Introdurre la qualità nella scuola? Certamente. Ma bisogna intendersi: bisogna migliorare la specifica qualità educativa, culturale e pedagogica della scuola. Sono molto preoccupato dell'invasione del modello aziendale nella scuola. Sono contrario all'impostazione della cosiddetta "scuola come azienda". Per argomentare questa mia preoccupazione mi soffermerò su questo punti.

  • La scuola non è una azienda, ma un luogo dove ci si prende cura della crescita delle persone.
  • Lo studente non è un cliente, un consumatore, un "cliente da accontentare" consumisticamente, ma una persona che deve scoprire, anche attraverso la fatica e l'inquietudine, i propri talenti ed acquisire le strategie per coltivarli.
  • L'insegnante non è un "venditore" di informazioni, un "venditore" di diplomi, ma un educatore che aiuta l'altro a diventare consapevole di come apprende, di come assimila, di come ristruttura le informazioni, di come costruisce la propria rappresentazione della realtà.
  • I direttori didattici non sono dei manager, ma degli educatori.
  • La scuola non è una fabbrica, ma un luogo dove ci si confronta, in maniera disinteressata, sui valori, sulla cultura, sulla verità, sulla giustizia, sulla solidarietà.
  • L'apprendimento non è trasmissione di "pacchetti ben confezionati" di nozioni, ma ricostruzione continua della propria mappa cognitiva e della propria visione della realtà.

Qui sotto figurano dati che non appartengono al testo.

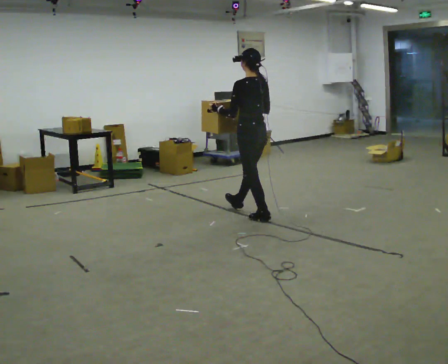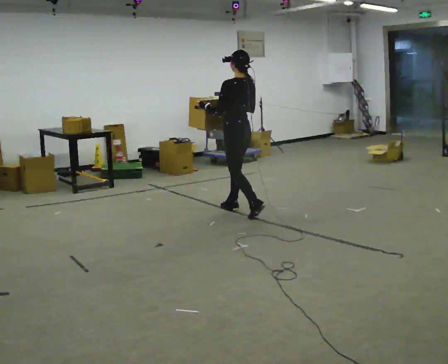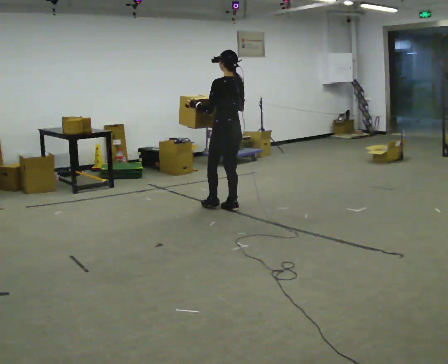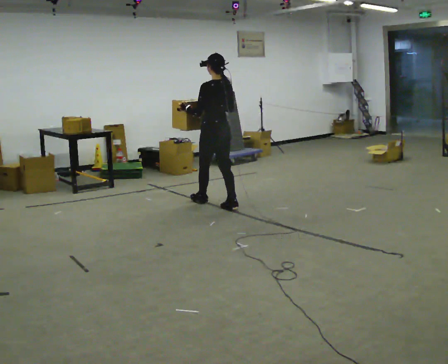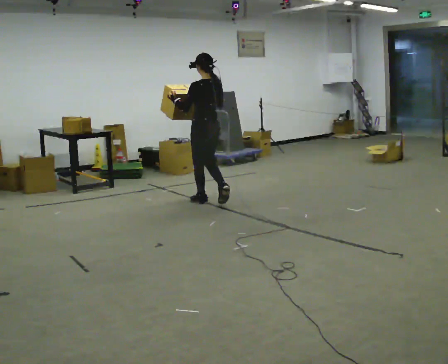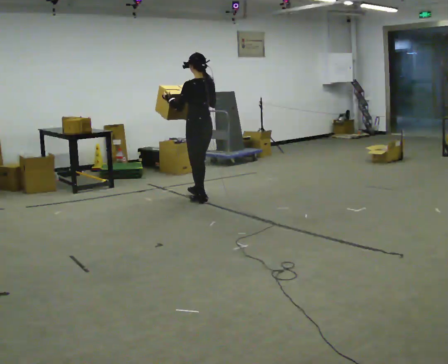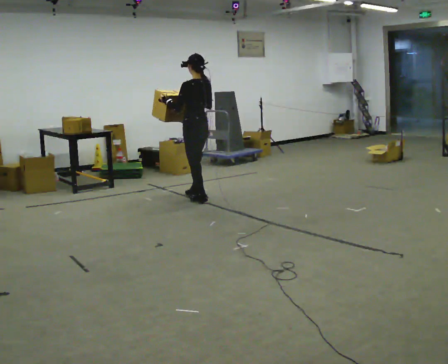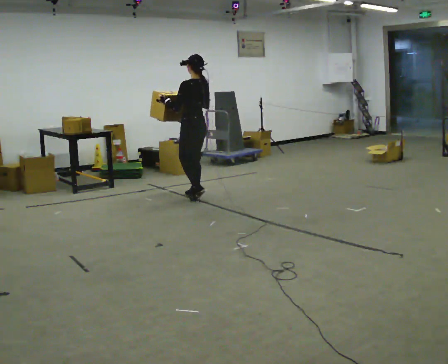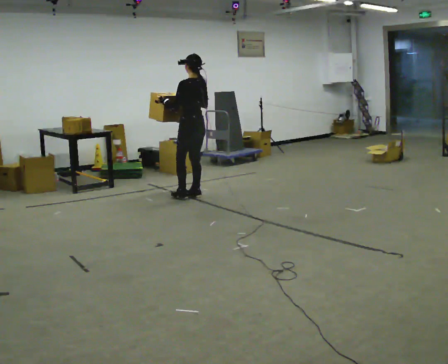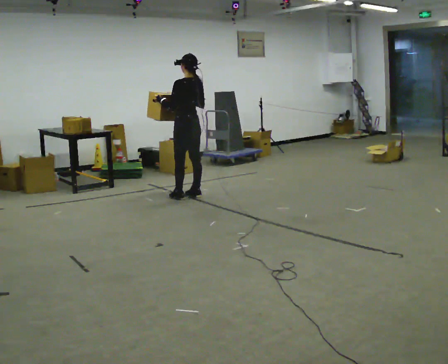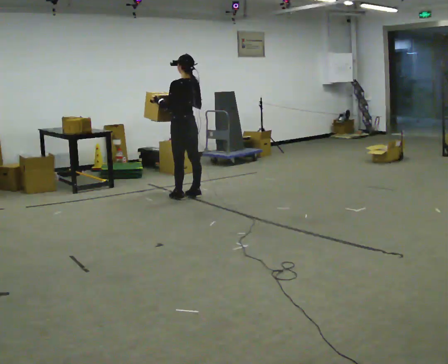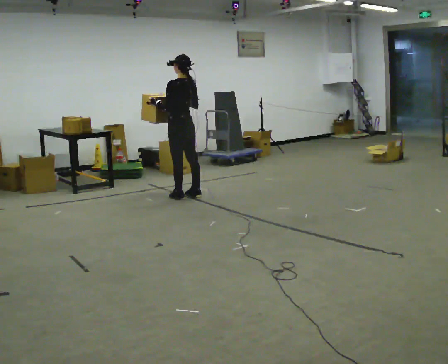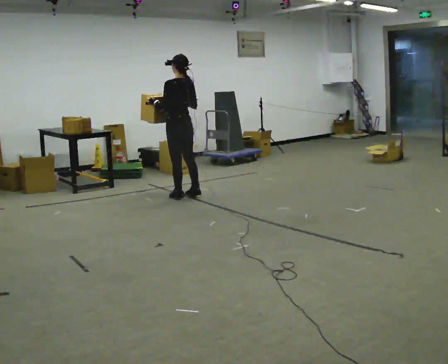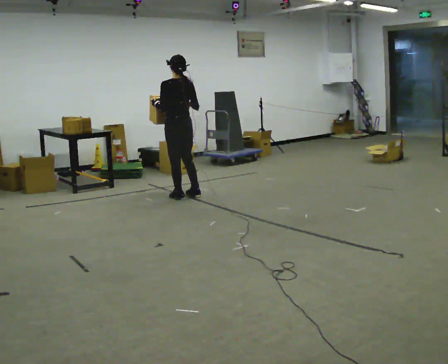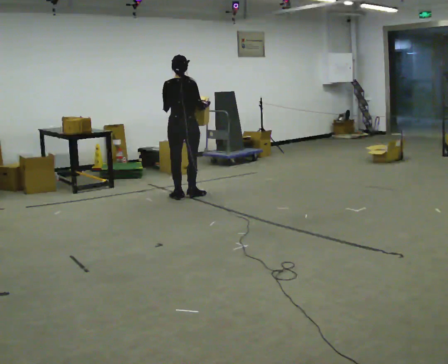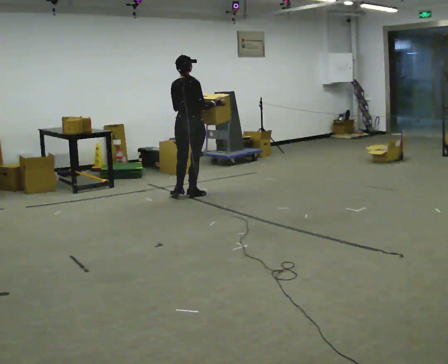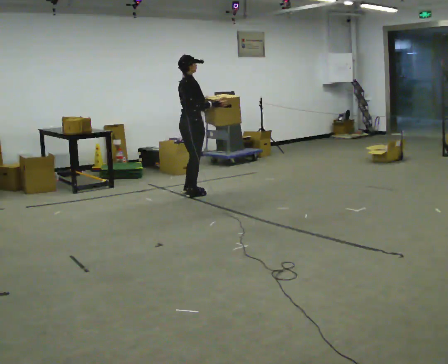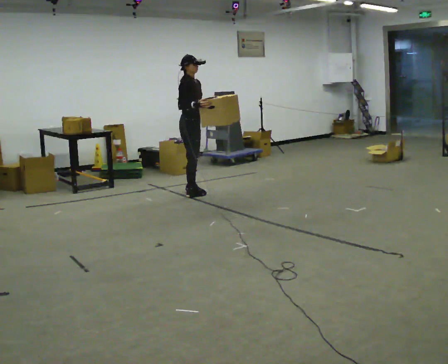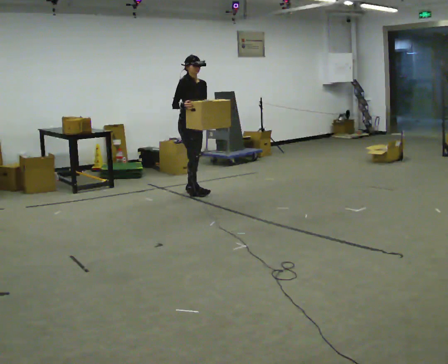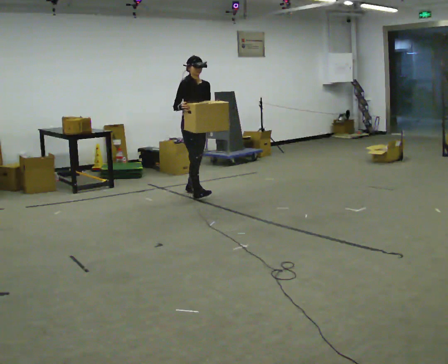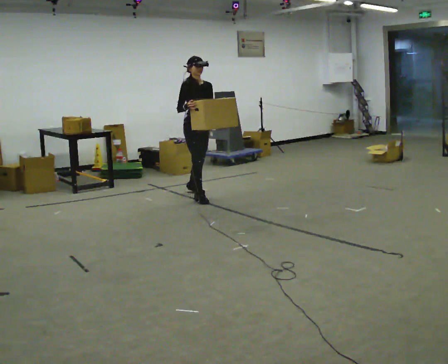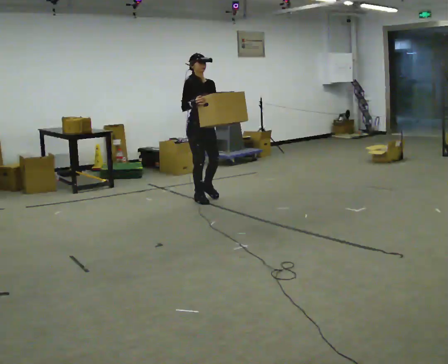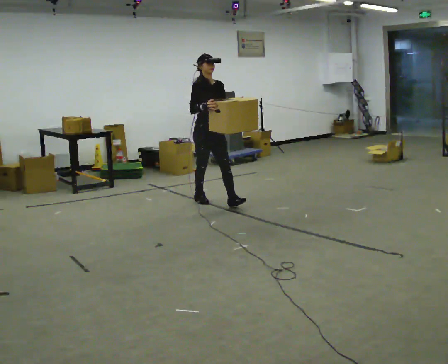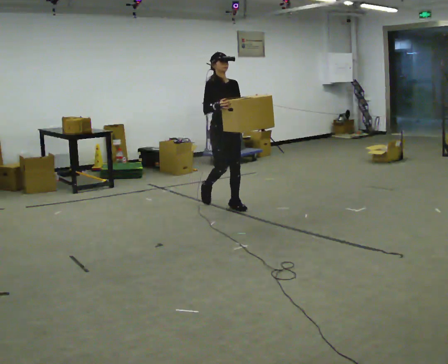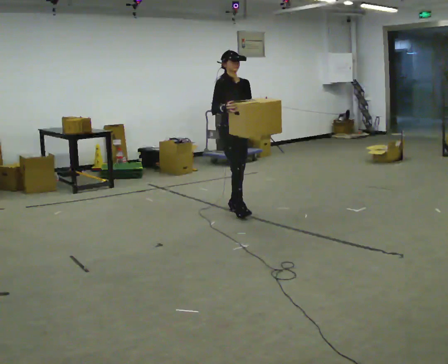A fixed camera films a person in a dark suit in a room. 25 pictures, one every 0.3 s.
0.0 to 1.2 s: In the picture they go away from the camera and to the left, about 0.5 m in 2 steps, which for them is forward.
1.2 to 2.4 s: In the picture they go away from the camera, about 0.25 m in 1 step, which for them is forward.
2.4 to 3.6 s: The person moves a little, or ends about where they began.
3.6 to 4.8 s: The person turns about 105 degrees to their right, clockwise seen from above, so the part of the body nearest the lens slides to the left.
4.8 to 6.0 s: The person turns about 75 degrees to their right, clockwise seen from above, so the part of the body nearest the lens slides to the left. In the picture their right hand goes to the left.
6.0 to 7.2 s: In the picture they go toward the camera and to the right, about 0.5 m in 1 step, which for them is forward.
The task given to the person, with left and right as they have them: Carry the heavy box in both hands in front of you, walking back and forth across the room. Keep walking until the operator says stop. Set it down if you need a rest.
The film runs forward here.

  • La scuola non deve essere valutata con gli stessi criteri delle merci: a scuola si "produce" beni non monetizzabili: si "produce" cultura, valori, affetti, sentimenti, partecipazione, solidarietà, verità, dialogo. Tutte queste esperienze non sono "vendibili", "spendibili", non sono delle quantità, ma delle qualità, e perciò non possono essere valutate, giudicate, mercificate, con i criteri usati per misurare le merci e gli oggetti di consumo.
  • La scuola non deve essere succube del modello aziendale, che è focalizzato sulla produzione di oggetti, di merci, di cose, e soprattutto interessato quasi esclusivamente al profitto monetario. La scuola è a servizio dell'umanità: è un luogo di crescita, di incontro, di scambio, di affetti, di entusiasmi, di ideali, di valori. A scuola non si producono oggetti, ma esperienze, esperienze di crescita.

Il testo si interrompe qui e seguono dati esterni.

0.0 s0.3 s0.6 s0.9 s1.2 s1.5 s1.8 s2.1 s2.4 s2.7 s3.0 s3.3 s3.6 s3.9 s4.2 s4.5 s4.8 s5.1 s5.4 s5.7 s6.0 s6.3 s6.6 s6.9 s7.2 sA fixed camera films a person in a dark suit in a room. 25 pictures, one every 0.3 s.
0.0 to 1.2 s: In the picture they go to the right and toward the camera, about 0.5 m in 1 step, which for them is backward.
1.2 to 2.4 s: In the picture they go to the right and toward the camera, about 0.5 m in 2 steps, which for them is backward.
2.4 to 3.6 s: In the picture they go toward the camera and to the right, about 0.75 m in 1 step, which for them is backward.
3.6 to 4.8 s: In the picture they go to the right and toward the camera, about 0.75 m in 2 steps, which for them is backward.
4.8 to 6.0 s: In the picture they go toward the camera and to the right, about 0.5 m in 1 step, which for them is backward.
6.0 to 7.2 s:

La qualità di una scuola non dipende solo dal perimetro delle aule, dalle etichette sulle porte, dall'ampiezza delle finestre, dalla organizzazione del piano orario, dall'efficienza amministrativa. Questi indici sono indici della qualità architettonica o burocratica della scuola. Devono essere migliorati, naturalmente. Ma la qualità della scuola è fatta dal coinvolgimento culturale ed affettivo dei loro partecipanti: sia insegnanti, che studenti.